Drop all images and give the records again exactly.
***
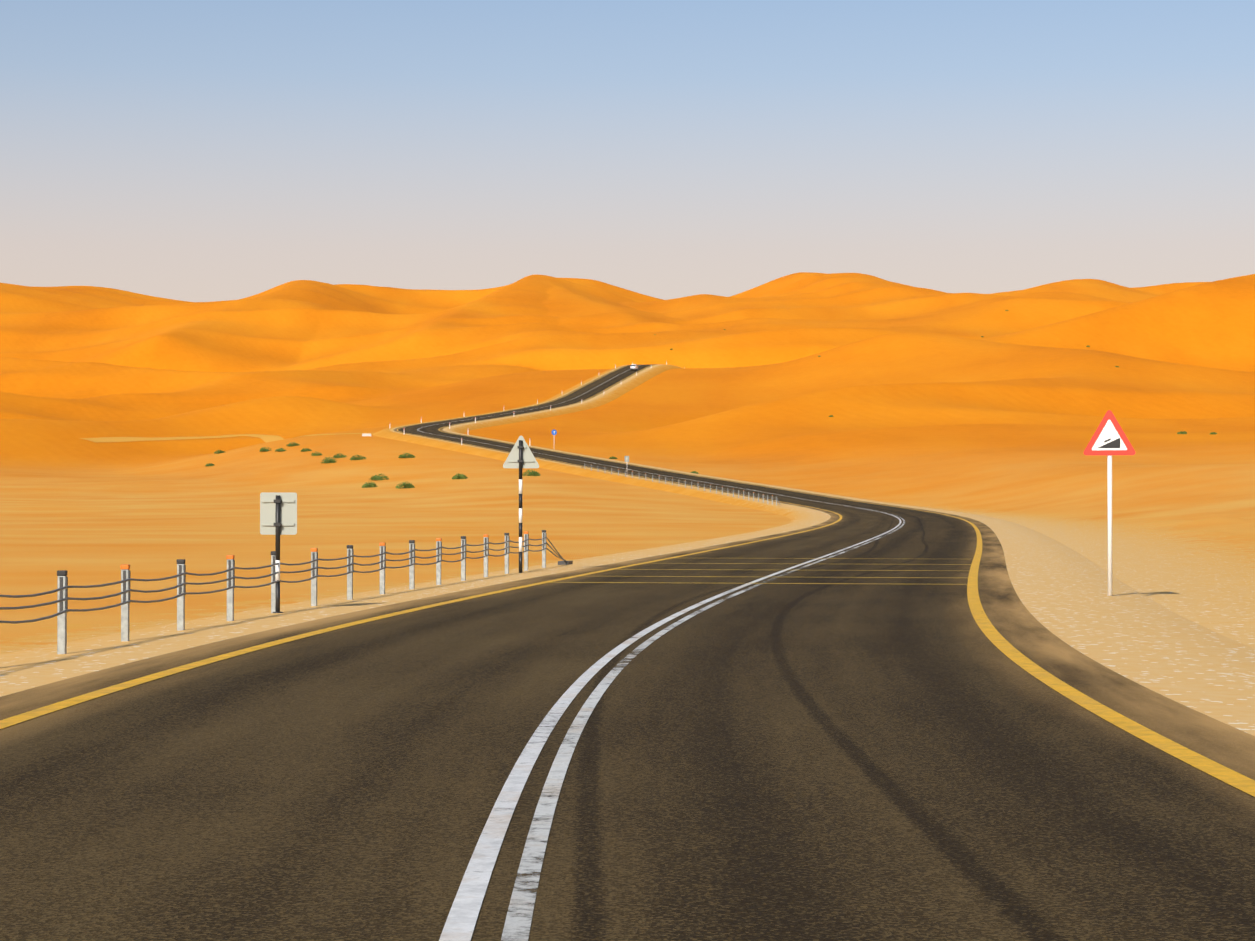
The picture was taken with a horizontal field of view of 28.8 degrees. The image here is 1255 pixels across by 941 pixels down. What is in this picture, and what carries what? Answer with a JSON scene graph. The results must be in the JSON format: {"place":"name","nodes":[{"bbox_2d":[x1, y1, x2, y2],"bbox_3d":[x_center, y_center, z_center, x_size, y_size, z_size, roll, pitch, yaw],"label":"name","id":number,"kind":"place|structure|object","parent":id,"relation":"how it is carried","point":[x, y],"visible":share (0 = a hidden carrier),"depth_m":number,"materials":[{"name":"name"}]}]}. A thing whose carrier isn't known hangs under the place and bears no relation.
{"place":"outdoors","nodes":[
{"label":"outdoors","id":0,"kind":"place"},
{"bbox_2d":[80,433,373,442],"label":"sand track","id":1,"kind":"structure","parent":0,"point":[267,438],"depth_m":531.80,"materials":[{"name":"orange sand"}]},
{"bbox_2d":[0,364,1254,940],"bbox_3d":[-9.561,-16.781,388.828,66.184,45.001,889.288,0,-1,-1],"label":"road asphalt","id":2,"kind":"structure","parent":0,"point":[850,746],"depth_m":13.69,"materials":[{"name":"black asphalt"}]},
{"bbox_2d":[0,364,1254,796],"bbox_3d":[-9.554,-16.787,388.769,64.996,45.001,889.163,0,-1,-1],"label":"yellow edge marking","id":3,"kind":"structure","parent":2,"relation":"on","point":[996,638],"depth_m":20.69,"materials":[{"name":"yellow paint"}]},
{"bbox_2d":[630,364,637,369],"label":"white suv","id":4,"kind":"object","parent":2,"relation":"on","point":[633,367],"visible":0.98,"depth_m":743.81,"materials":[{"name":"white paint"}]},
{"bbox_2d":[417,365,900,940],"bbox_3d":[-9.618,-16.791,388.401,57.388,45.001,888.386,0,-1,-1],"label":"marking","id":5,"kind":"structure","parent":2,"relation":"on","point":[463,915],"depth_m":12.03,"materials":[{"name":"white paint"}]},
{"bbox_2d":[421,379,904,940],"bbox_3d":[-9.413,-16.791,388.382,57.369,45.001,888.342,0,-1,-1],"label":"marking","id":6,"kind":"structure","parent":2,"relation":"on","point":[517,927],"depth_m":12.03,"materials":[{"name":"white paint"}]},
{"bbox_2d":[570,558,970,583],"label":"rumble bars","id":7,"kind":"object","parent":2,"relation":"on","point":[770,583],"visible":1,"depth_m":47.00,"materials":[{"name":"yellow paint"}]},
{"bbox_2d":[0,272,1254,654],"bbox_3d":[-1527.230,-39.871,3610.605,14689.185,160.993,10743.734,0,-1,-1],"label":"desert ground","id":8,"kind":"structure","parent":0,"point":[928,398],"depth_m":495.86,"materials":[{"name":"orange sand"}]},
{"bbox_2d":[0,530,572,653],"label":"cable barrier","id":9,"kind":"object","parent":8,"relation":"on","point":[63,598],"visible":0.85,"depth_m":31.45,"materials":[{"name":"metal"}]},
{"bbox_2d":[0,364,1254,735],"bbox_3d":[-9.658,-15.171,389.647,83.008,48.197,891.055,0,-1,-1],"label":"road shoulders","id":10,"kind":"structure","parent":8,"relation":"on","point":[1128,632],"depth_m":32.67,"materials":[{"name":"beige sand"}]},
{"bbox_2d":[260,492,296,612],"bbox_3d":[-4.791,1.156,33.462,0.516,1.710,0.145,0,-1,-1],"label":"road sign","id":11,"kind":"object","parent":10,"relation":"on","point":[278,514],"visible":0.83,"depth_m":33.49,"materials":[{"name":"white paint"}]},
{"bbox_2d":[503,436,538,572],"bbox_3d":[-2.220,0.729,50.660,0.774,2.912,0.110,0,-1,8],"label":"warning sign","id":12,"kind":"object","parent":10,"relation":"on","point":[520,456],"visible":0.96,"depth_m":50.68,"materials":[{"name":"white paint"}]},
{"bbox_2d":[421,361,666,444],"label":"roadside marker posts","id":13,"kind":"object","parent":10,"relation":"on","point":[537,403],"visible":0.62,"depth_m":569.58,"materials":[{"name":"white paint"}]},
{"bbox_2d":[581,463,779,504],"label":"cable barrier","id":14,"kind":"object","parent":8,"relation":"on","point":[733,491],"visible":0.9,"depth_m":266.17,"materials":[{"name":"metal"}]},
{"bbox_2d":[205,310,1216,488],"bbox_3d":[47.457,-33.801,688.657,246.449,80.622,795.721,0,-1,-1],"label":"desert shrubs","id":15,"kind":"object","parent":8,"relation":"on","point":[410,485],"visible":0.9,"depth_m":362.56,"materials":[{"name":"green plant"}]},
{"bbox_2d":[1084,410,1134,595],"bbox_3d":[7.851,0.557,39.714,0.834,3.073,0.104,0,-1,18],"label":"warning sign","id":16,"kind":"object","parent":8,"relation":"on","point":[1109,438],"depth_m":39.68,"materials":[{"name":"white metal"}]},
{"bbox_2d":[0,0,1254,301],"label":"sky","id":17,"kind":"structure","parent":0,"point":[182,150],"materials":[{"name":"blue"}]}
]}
***
* RESPONSE TO THIS TASK
The picture was taken with a horizontal field of view of 28.8 degrees. The image here is 1255 pixels across by 941 pixels down. What is in this picture, and what carries what? Answer with a JSON scene graph. The results must be in the JSON format: {"place":"name","nodes":[{"bbox_2d":[x1, y1, x2, y2],"bbox_3d":[x_center, y_center, z_center, x_size, y_size, z_size, roll, pitch, yaw],"label":"name","id":number,"kind":"place|structure|object","parent":id,"relation":"how it is carried","point":[x, y],"visible":share (0 = a hidden carrier),"depth_m":number,"materials":[{"name":"name"}]}]}. A thing whose carrier isn't known hangs under the place and bears no relation.
{"place":"outdoors","nodes":[
{"label":"outdoors","id":0,"kind":"place"},
{"bbox_2d":[80,433,373,442],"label":"sand track","id":1,"kind":"structure","parent":0,"point":[267,438],"depth_m":531.80,"materials":[{"name":"orange sand"}]},
{"bbox_2d":[0,364,1254,940],"bbox_3d":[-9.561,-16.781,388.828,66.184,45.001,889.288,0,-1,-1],"label":"road asphalt","id":2,"kind":"structure","parent":0,"point":[850,746],"depth_m":13.69,"materials":[{"name":"black asphalt"}]},
{"bbox_2d":[0,364,1254,796],"bbox_3d":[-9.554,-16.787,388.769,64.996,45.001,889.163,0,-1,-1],"label":"yellow edge marking","id":3,"kind":"structure","parent":2,"relation":"on","point":[996,638],"depth_m":20.69,"materials":[{"name":"yellow paint"}]},
{"bbox_2d":[630,364,637,369],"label":"white suv","id":4,"kind":"object","parent":2,"relation":"on","point":[633,367],"visible":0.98,"depth_m":743.81,"materials":[{"name":"white paint"}]},
{"bbox_2d":[417,365,900,940],"bbox_3d":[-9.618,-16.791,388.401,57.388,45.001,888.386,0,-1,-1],"label":"marking","id":5,"kind":"structure","parent":2,"relation":"on","point":[463,915],"depth_m":12.03,"materials":[{"name":"white paint"}]},
{"bbox_2d":[421,379,904,940],"bbox_3d":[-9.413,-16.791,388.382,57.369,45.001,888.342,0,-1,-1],"label":"marking","id":6,"kind":"structure","parent":2,"relation":"on","point":[517,927],"depth_m":12.03,"materials":[{"name":"white paint"}]},
{"bbox_2d":[570,558,970,583],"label":"rumble bars","id":7,"kind":"object","parent":2,"relation":"on","point":[770,583],"visible":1,"depth_m":47.00,"materials":[{"name":"yellow paint"}]},
{"bbox_2d":[0,272,1254,654],"bbox_3d":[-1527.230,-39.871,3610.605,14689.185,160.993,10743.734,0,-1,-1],"label":"desert ground","id":8,"kind":"structure","parent":0,"point":[928,398],"depth_m":495.86,"materials":[{"name":"orange sand"}]},
{"bbox_2d":[0,530,572,653],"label":"cable barrier","id":9,"kind":"object","parent":8,"relation":"on","point":[63,598],"visible":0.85,"depth_m":31.45,"materials":[{"name":"metal"}]},
{"bbox_2d":[0,364,1254,735],"bbox_3d":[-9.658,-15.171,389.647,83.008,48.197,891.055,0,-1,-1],"label":"road shoulders","id":10,"kind":"structure","parent":8,"relation":"on","point":[1128,632],"depth_m":32.67,"materials":[{"name":"beige sand"}]},
{"bbox_2d":[260,492,296,612],"bbox_3d":[-4.791,1.156,33.462,0.516,1.710,0.145,0,-1,-1],"label":"road sign","id":11,"kind":"object","parent":10,"relation":"on","point":[278,514],"visible":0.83,"depth_m":33.49,"materials":[{"name":"white paint"}]},
{"bbox_2d":[503,436,538,572],"bbox_3d":[-2.220,0.729,50.660,0.774,2.912,0.110,0,-1,8],"label":"warning sign","id":12,"kind":"object","parent":10,"relation":"on","point":[520,456],"visible":0.96,"depth_m":50.68,"materials":[{"name":"white paint"}]},
{"bbox_2d":[421,361,666,444],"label":"roadside marker posts","id":13,"kind":"object","parent":10,"relation":"on","point":[537,403],"visible":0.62,"depth_m":569.58,"materials":[{"name":"white paint"}]},
{"bbox_2d":[581,463,779,504],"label":"cable barrier","id":14,"kind":"object","parent":8,"relation":"on","point":[733,491],"visible":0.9,"depth_m":266.17,"materials":[{"name":"metal"}]},
{"bbox_2d":[205,310,1216,488],"bbox_3d":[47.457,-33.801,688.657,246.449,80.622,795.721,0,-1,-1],"label":"desert shrubs","id":15,"kind":"object","parent":8,"relation":"on","point":[410,485],"visible":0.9,"depth_m":362.56,"materials":[{"name":"green plant"}]},
{"bbox_2d":[1084,410,1134,595],"bbox_3d":[7.851,0.557,39.714,0.834,3.073,0.104,0,-1,18],"label":"warning sign","id":16,"kind":"object","parent":8,"relation":"on","point":[1109,438],"depth_m":39.68,"materials":[{"name":"white metal"}]},
{"bbox_2d":[0,0,1254,301],"label":"sky","id":17,"kind":"structure","parent":0,"point":[182,150],"materials":[{"name":"blue"}]}
]}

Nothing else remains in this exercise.